Bu kitap bireyin psikospiritüel gelişimi için toplumun kültür dönüşümünde bilinç genişlemesinin rolünü ve önemini irdeler.
İlk bölümde Kilise tarafından rahat verilmeyen bilim tarafından alay edilen simya biliminin holistik dönüşüm öğretilerinin 20.yüzyılda iki İsviçreli bilim adamı tarafından tekrar nasıl canlandırıldığını anlattım. Bu bilim adamları simyasal sembolizmi psişenin nesnel dili olarak tanımlayan C.G. Jung ve LSD'yi keşfiyle Ruh ve Madde arasındaki kopan bağlantıyı geleneksel olarak Felsefe Taşı olarak bilinen bağlantıyı yeniden kuran Albert Hofmann'dır.

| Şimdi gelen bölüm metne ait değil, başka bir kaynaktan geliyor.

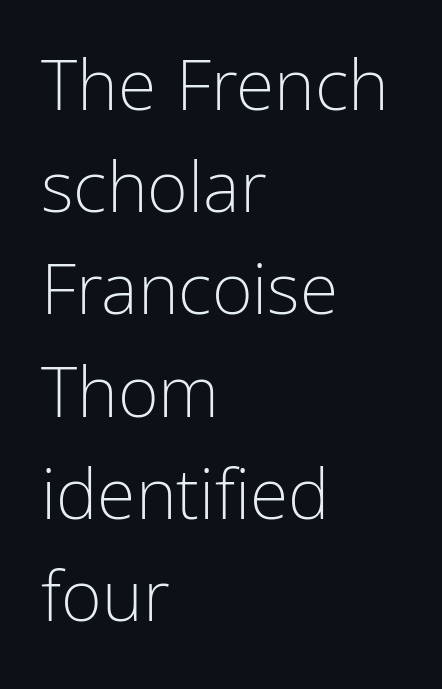
The image shows 70 px light, condensed sans-serif type, upright; set left-aligned, normal line spacing (1.46x), normal letter spacing, not underlined; low stroke contrast and a medium x-height.
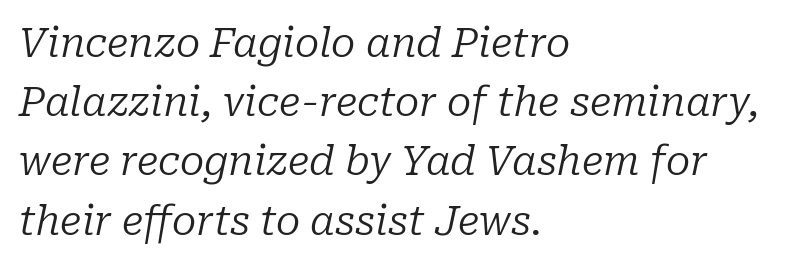
Q: Is the text bold? A: No.
Q: Is the text italic (slanted)? A: Yes, it leans right by about 10 degrees.
Q: Is the typeface a serif or a sans-serif typeface? A: Serif.
Q: Is the text underlined? A: No.
Q: How is the paragraph aligned? A: Left-aligned.
Q: Is the spacing between letters normal or unusually wide? A: Normal.
Q: Is the spacing between lines tight, normal or loose? A: Normal.
Q: Width (condensed, normal, or wide)? A: Normal.
Q: Stroke contrast? A: Low.
Q: x-height? A: Medium.
Q: Monospaced? A: No.
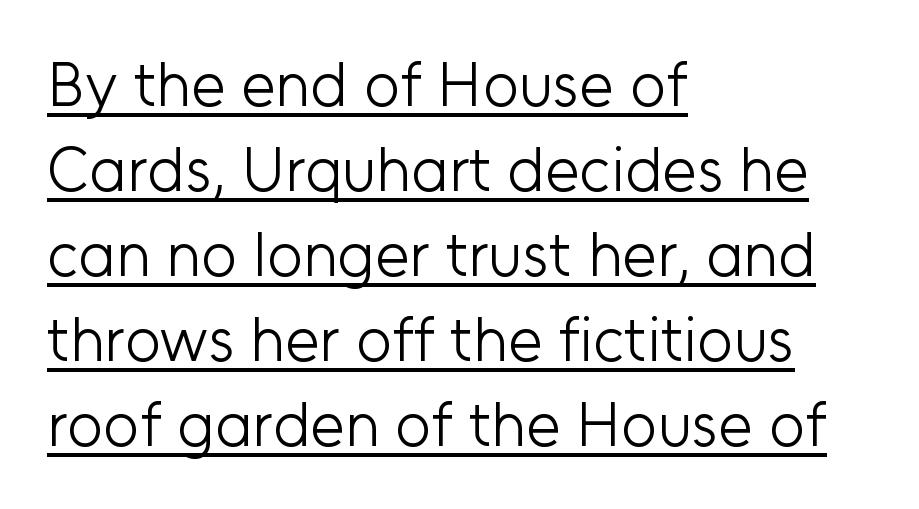
{"serif": "no", "italic": "no", "bold": "no", "weight": "light", "width": "normal", "stroke_contrast": "low", "x_height": "medium", "monospaced": "no", "underline": "yes", "align": "left", "line_spacing": "normal", "line_spacing_ratio": 1.37, "letter_spacing": "normal", "letter_spacing_em": 0.0, "glyph_px": 62}

İkinci bölümde bilinç genişletici maddelerin 2.Dünya Savaşı'nın doruk noktasında atom bombasının icadıyla eşzamanlı olarak yaşanan sosyokültürel karışıklıkları takiben Batı kültürüne nasıl tanıtıldığını anlattım. Güç gruplarının hâkim gündemlerine karşıt olmaları bakımından "karşıt kültürsel" görülmelerine rağmen gerçekten genişlemiş bir bilincin; insani ekolojik yaratıcı ve spiritüel değerlerle merkezlenmiş bir toplum hayalini ifade etmeye çalıştım.